His entire family had gone to the Police Control Room for his body but they were denied on the grounds that it will create a “law and problem”. To press their demand, they even registered a protest in Srinagar’s Press Enclave. It didn’t help.
As the fourth casualty in the Hyderpora “encounter”, Dr. Mudasir Gul, as per police, was an alleged militant associate and was involved in harbouring militants. His IT solutions shop has been termed as a “high-tech hideout” by police.
However, in January next year, Mudasir was supposed to inaugurate his IT setup in the form of a Call Centre, in the same building where he was killed.
“He was very much interested in business and his father always encouraged him,” one of his uncles said.“He was doing absolutely fine as a builder and had planned to open a call-centre for a better profit.”
Unaware of his orphan hood, Gul’s seven-year-old son, Kabeer, playfully roamed around the house demanding mourners, “Let’s play, till the baba returns home.”
“My brother has nothing to do with militancy,” Dr.
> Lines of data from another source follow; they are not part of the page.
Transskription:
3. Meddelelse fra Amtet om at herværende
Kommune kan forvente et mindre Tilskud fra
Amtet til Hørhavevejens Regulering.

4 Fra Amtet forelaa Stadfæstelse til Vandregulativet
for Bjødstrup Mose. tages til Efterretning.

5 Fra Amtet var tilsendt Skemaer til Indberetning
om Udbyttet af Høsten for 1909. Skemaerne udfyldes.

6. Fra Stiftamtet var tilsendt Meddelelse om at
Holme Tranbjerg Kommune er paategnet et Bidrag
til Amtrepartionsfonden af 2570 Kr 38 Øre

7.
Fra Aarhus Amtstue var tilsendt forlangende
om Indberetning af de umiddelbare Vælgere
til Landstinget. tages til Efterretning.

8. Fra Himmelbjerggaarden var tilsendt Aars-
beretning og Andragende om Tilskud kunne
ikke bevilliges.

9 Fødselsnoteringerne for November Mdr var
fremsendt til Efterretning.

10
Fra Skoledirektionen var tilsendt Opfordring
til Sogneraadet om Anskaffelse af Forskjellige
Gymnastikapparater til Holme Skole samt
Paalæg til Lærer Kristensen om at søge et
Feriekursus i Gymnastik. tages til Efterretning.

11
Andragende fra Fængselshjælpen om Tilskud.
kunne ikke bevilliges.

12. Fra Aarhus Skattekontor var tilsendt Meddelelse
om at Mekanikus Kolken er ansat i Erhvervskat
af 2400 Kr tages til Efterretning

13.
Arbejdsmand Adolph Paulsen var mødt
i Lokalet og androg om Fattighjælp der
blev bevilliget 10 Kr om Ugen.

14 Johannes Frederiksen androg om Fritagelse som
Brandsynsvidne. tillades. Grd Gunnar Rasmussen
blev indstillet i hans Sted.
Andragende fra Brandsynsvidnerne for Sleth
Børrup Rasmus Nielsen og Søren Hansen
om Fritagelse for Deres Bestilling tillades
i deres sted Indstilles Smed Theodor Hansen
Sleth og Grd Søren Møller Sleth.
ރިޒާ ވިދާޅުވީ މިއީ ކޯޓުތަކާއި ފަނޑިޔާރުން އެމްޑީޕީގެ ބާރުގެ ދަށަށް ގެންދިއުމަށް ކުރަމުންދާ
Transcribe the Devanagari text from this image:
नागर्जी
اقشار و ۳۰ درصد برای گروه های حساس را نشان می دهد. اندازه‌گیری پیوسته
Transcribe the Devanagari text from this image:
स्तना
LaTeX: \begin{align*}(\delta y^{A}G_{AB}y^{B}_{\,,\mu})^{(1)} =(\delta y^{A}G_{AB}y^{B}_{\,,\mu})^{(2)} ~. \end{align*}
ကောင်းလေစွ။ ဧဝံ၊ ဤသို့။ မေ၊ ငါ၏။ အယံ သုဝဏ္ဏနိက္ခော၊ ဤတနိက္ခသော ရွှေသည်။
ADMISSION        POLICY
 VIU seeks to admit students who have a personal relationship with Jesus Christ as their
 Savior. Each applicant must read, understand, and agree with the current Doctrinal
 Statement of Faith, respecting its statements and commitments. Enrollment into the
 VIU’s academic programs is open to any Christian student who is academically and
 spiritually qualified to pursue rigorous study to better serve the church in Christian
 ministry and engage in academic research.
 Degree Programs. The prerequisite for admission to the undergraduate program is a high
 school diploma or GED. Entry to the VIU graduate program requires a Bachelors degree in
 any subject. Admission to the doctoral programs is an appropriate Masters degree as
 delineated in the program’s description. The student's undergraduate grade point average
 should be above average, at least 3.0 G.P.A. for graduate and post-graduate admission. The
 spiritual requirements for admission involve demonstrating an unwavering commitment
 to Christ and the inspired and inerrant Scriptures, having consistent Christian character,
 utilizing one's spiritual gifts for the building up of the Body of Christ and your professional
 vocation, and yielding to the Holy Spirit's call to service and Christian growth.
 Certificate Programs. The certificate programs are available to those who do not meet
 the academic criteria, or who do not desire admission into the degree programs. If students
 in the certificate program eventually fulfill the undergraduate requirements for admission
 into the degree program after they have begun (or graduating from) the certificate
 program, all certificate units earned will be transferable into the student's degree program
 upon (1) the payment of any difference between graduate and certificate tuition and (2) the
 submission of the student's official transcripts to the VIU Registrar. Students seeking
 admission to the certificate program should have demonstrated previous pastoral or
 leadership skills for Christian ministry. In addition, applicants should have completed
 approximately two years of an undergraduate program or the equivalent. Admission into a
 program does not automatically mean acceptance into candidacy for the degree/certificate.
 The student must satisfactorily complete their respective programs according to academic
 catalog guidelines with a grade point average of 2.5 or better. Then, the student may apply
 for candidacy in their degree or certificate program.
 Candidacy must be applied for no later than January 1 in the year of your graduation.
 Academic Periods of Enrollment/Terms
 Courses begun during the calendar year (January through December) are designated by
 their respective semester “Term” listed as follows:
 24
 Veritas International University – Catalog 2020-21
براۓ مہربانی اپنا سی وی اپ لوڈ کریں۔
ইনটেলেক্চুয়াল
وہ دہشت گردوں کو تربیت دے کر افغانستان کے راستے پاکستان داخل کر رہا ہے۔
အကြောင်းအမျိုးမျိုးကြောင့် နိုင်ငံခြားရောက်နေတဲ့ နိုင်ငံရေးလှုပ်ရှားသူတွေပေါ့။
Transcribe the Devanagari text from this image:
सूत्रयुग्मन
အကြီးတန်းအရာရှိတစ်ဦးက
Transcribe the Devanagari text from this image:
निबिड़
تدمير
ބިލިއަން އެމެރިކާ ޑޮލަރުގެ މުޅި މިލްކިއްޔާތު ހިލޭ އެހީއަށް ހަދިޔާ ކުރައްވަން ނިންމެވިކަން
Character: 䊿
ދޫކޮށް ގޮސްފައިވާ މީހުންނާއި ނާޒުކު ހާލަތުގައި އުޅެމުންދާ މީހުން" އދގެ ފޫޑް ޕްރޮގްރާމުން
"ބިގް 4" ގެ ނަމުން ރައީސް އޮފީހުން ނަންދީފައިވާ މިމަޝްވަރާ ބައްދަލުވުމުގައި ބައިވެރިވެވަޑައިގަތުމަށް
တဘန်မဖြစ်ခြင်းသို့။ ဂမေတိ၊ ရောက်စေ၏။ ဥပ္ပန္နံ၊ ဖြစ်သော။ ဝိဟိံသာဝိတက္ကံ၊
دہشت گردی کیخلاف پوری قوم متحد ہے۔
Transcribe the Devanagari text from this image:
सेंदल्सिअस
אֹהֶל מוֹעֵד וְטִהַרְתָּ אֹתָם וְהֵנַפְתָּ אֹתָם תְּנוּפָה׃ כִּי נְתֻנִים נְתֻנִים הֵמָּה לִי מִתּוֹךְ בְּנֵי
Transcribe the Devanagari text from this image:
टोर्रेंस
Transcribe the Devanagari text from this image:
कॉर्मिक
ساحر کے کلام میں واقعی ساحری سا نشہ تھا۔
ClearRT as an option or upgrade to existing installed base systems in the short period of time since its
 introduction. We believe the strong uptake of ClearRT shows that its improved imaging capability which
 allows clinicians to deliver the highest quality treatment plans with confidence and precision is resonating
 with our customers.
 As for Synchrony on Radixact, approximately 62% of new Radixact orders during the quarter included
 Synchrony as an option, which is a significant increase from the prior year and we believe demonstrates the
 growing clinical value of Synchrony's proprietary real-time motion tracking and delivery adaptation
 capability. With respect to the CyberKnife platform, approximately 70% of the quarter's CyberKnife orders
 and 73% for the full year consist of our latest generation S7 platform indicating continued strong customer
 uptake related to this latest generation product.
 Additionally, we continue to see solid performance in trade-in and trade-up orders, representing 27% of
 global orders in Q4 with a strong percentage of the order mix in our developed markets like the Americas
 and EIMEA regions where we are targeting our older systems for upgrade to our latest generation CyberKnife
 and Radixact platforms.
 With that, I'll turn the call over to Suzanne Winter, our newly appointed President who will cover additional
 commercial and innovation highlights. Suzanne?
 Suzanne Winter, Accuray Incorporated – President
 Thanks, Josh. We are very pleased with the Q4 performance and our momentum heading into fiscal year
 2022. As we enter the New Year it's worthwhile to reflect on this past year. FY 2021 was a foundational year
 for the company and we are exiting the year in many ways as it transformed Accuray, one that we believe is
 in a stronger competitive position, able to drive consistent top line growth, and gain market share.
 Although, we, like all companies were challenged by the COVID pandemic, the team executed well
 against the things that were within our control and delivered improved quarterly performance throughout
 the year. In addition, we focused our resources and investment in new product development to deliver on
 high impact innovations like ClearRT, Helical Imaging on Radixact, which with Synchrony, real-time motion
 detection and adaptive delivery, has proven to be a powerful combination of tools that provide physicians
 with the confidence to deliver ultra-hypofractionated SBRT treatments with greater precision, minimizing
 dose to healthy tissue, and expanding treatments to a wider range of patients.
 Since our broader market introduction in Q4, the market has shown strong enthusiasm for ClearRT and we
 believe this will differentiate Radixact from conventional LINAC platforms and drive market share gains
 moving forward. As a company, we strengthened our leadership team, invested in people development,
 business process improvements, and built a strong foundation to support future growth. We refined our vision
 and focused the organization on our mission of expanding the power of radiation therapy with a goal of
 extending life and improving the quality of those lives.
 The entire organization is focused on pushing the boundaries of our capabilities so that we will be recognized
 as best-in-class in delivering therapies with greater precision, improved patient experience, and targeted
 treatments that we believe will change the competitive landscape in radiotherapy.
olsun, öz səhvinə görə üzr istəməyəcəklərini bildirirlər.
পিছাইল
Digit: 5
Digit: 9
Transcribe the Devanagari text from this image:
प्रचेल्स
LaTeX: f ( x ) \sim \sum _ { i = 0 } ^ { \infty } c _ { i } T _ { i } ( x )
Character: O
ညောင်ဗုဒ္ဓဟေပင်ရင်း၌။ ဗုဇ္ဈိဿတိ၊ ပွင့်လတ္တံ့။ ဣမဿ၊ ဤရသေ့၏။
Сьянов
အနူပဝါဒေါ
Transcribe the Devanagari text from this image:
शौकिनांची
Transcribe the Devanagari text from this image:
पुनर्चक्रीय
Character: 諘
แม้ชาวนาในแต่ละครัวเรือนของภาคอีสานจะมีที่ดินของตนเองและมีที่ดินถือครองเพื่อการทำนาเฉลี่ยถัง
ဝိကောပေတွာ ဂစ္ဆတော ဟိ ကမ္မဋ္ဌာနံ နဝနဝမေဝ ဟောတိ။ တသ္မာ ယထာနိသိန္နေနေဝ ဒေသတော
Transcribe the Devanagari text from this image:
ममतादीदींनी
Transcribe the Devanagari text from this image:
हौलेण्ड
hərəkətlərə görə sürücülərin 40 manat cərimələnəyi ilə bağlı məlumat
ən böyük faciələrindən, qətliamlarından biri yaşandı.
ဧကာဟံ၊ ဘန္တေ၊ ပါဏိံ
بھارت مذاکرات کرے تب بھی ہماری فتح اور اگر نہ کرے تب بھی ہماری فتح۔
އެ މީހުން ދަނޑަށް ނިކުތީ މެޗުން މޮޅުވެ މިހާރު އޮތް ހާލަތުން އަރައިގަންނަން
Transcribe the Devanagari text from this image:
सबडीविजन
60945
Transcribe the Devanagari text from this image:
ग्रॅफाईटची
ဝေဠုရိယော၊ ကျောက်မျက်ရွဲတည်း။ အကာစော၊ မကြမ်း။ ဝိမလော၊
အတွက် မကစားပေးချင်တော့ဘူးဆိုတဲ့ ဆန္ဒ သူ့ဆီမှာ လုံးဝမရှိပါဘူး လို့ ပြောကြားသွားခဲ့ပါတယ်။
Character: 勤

Mudasir’s brother, Muzammil shrieks before a swarm of mourners try to calm him down.
“He was innocent. Please, give me back his body. I don’t want anything else, I just want to kiss his face one last time.”
At Barzulla, the two daughters are still calling their “Papa” home.
“He was our hope and support,” Maisara says. “They snatched him alive from us, but now they should at least return him dead to us.”